And here's the funny thing. The photos don't get better or worse. They are always in my mind just the way they were. It's almost as though the matrix that constitutes the right scene and the right time is frozen into an unchanging cube of objective reality. Always my own reality. And, I find, nothing about that sense of reality is universal. I find what I find in each image and it's not mirrored in someone else's viewing. Each person brings his or her own complex reality to the viewing giving the viewer a value commensurate with their own emotional commonalities.
During my years teaching and thru my time in advertising photography existed as a passion, an obsession if you will. I walked thru the streets of cities all over the world discovering the uniqueness of their citizens' existence and the commonality that binds us. As long as I operated in that sphere the enchantment was pretty much complete. And there was a constant and consistent destination for the images I saw, the things I committed to film. The best of the best would become prints and the prints would get shared in shows, both formal and less so.
What I found and find to be most compelling is the way a portrait can capture that thing that led me to find someone interesting, compelling, attractive, delightful and how much I wanted to preserve just that feeling that is a combination of the subject's quick glance, their turn of the head, their sly smile, their earnest eyes.......
This is the way I originally approached taking pictures when I was always the primary audience. As I began to go after paying jobs everything started to shift.
When I photographed primarily for an external audience (an advertising client?) I felt a loosening of emotional control over the ownership of the image. In an image not created for my sole enjoyment I feel a distancing from the work as though it squeaked thru without my complete and complicit approval.
I was struck today with the realization that photography has changed for me in almost every conceivable way. Rather than being a joyous hobby that sucks down every spare dollar, it is a profession that earned me a little over $XX,XXX last month. Instead of spending days in the darkroom coaxing images onto sensitized photographic paper I spend most days tethered to a computer trying to optimize a mish mash (I was going to reflexively write: "mismatch" ) of pixels into beautiful images. The overview challenges are the same: Capture the image and share it on paper. Or, capture the image and share it on the screen. But everything changes from there.
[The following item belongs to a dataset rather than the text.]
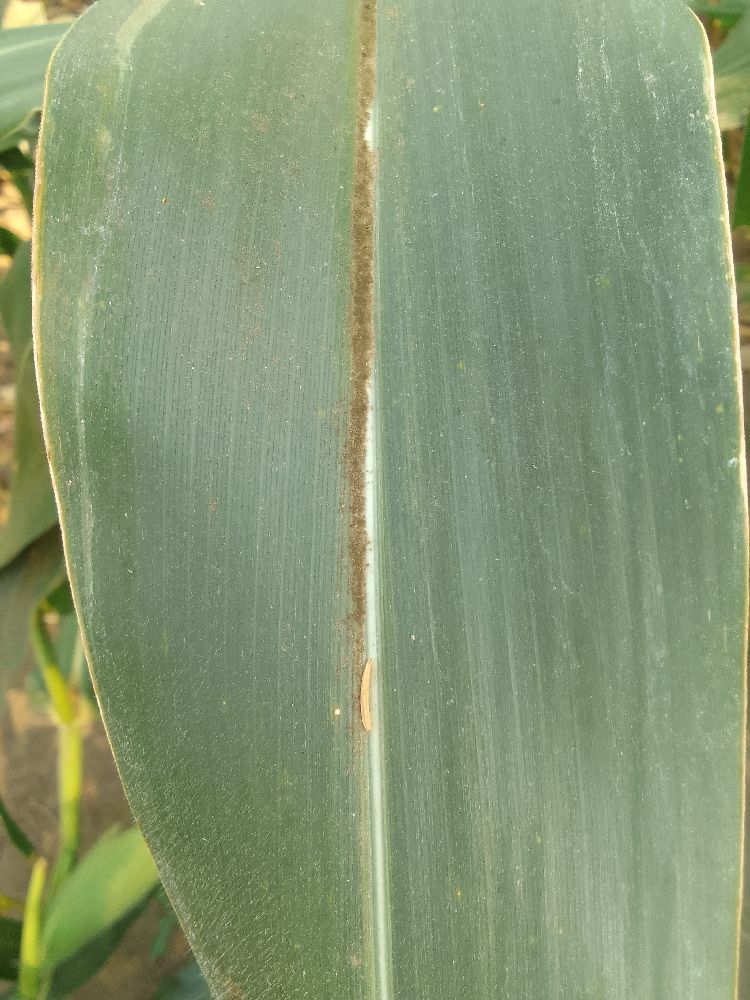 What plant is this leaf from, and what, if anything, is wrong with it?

What sucks about all of this? There feels like a disconnection between my thought processes and the computer rendering. Wet photography was more inviting and addictive. It was a learned skill set that was never exactly reproducible. Every print really, REALLY was a unique work of art. Today I spent most of my day processing raw files shot in a UT lab, under existing light, for a technology client. The unsettling aspect was the ease and the degree to which everything in the frame could be corrected. The process seemed so mechanical and cold. Or should I say so binary and cold. And yet, this is the practice of current photography.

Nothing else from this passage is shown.